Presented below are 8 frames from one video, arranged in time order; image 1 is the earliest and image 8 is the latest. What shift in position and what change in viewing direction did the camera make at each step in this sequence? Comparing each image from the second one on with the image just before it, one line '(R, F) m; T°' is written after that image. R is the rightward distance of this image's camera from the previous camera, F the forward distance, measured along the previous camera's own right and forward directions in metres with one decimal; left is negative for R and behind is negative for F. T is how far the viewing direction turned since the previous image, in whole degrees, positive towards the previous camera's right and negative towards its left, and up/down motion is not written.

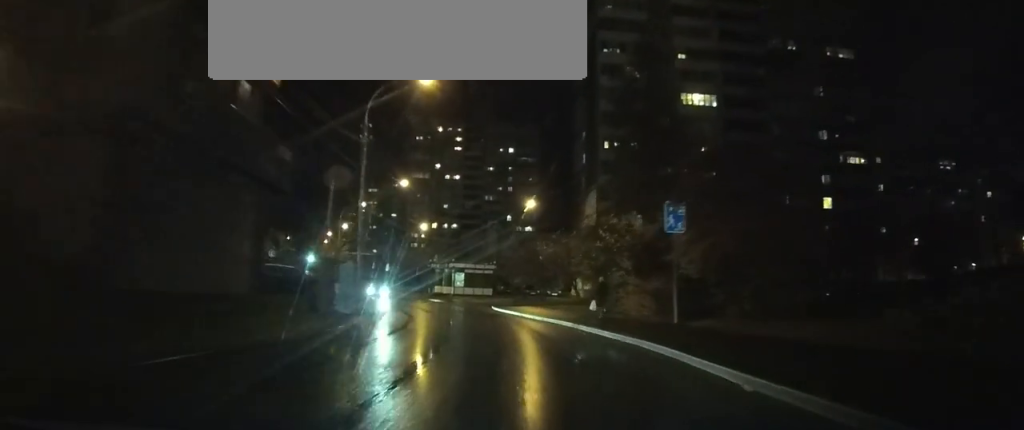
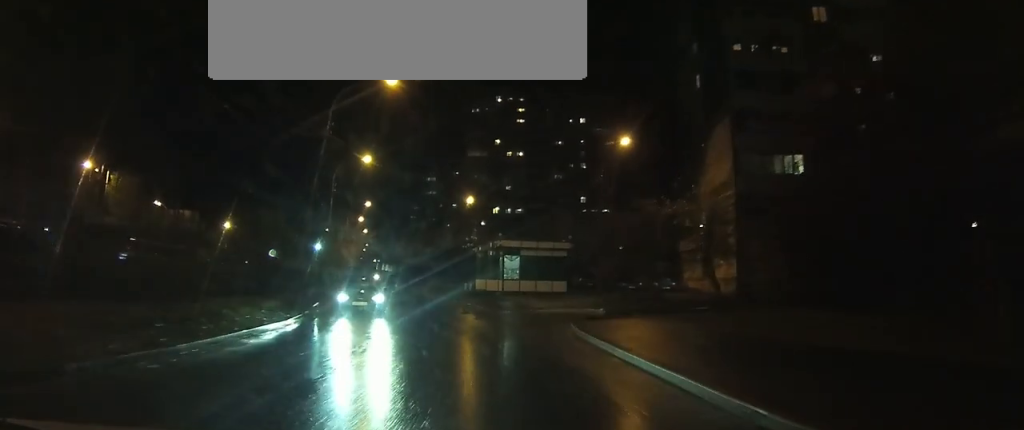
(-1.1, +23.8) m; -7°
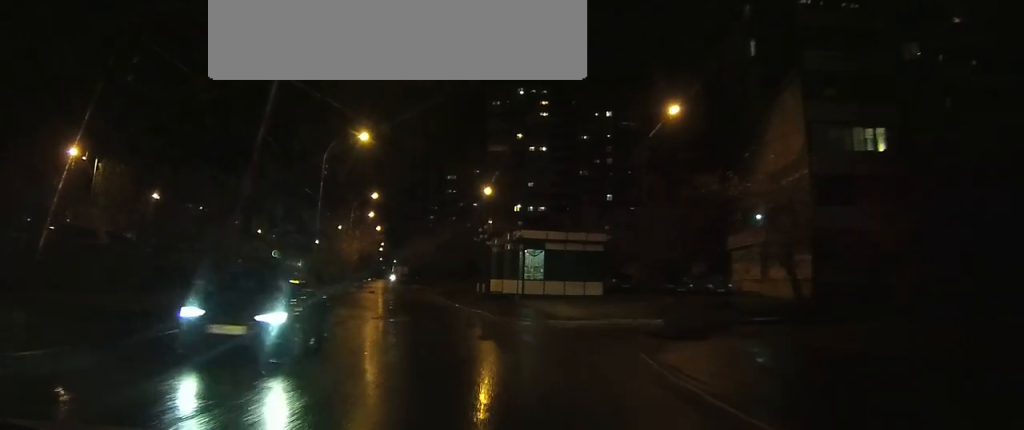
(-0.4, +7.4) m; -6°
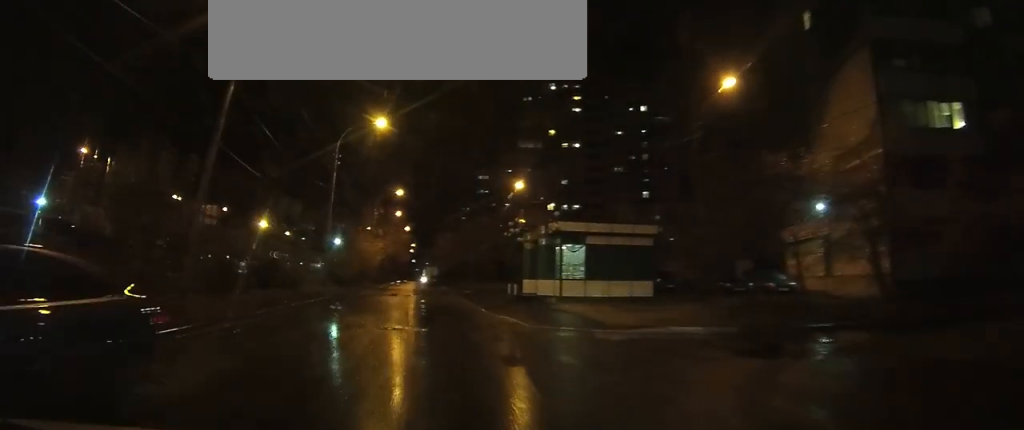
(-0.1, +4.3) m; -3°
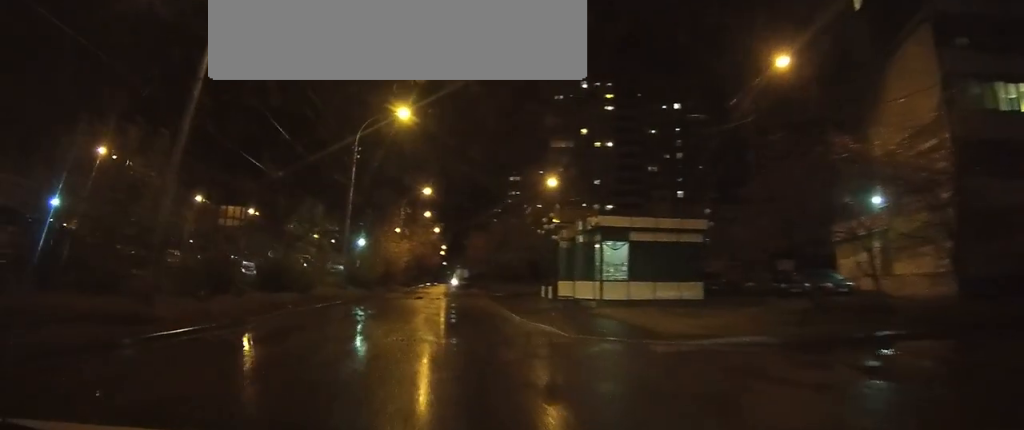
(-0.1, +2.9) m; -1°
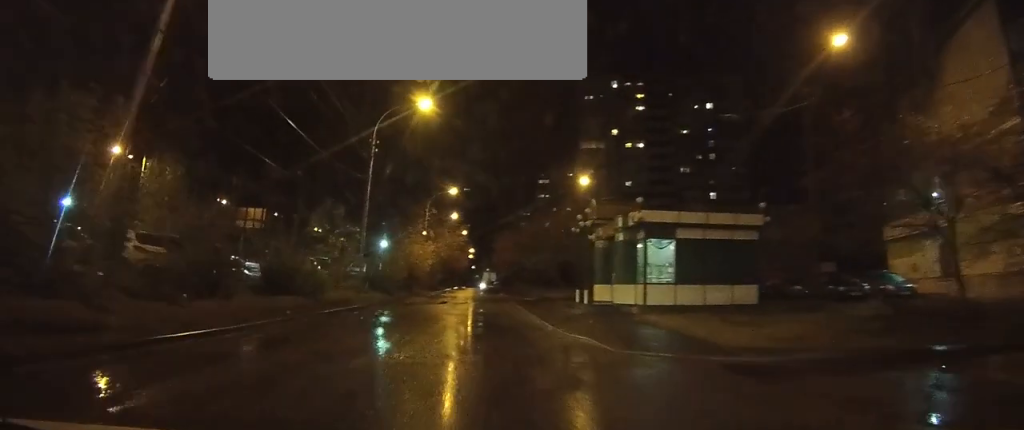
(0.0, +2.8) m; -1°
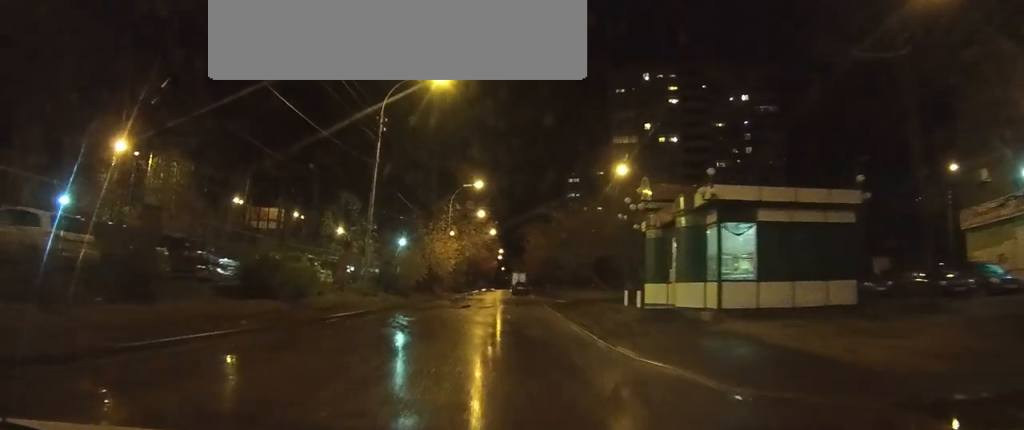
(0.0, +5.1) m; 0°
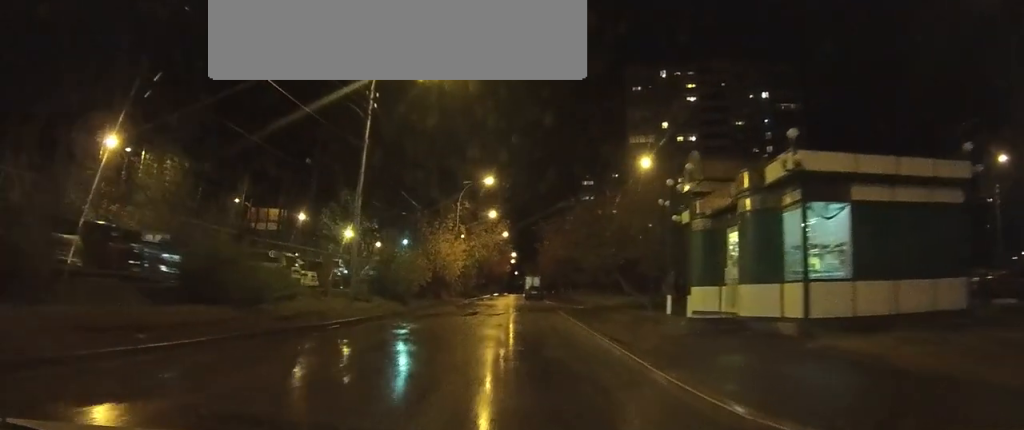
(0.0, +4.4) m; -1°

*-*-*

» **THE TASK**:
Everything in the records above should be retyped exactly except the pictures.

» **PROBLEM SOLUTION**:
Presented below are 8 frames from one video, arranged in time order; image 1 is the earliest and image 8 is the latest. What shift in position and what change in viewing direction did the camera make at each step in this sequence? Comparing each image from the second one on with the image just before it, one line '(R, F) m; T°' is written after that image. R is the rightward distance of this image's camera from the previous camera, F the forward distance, measured along the previous camera's own right and forward directions in metres with one decimal; left is negative for R and behind is negative for F. T is how far the viewing direction turned since the previous image, in whole degrees, positive towards the previous camera's right and negative towards its left, and up/down motion is not written.

(-1.1, +23.8) m; -7°
(-0.4, +7.4) m; -6°
(-0.1, +4.3) m; -3°
(-0.1, +2.9) m; -1°
(0.0, +2.8) m; -1°
(0.0, +5.1) m; 0°
(0.0, +4.4) m; -1°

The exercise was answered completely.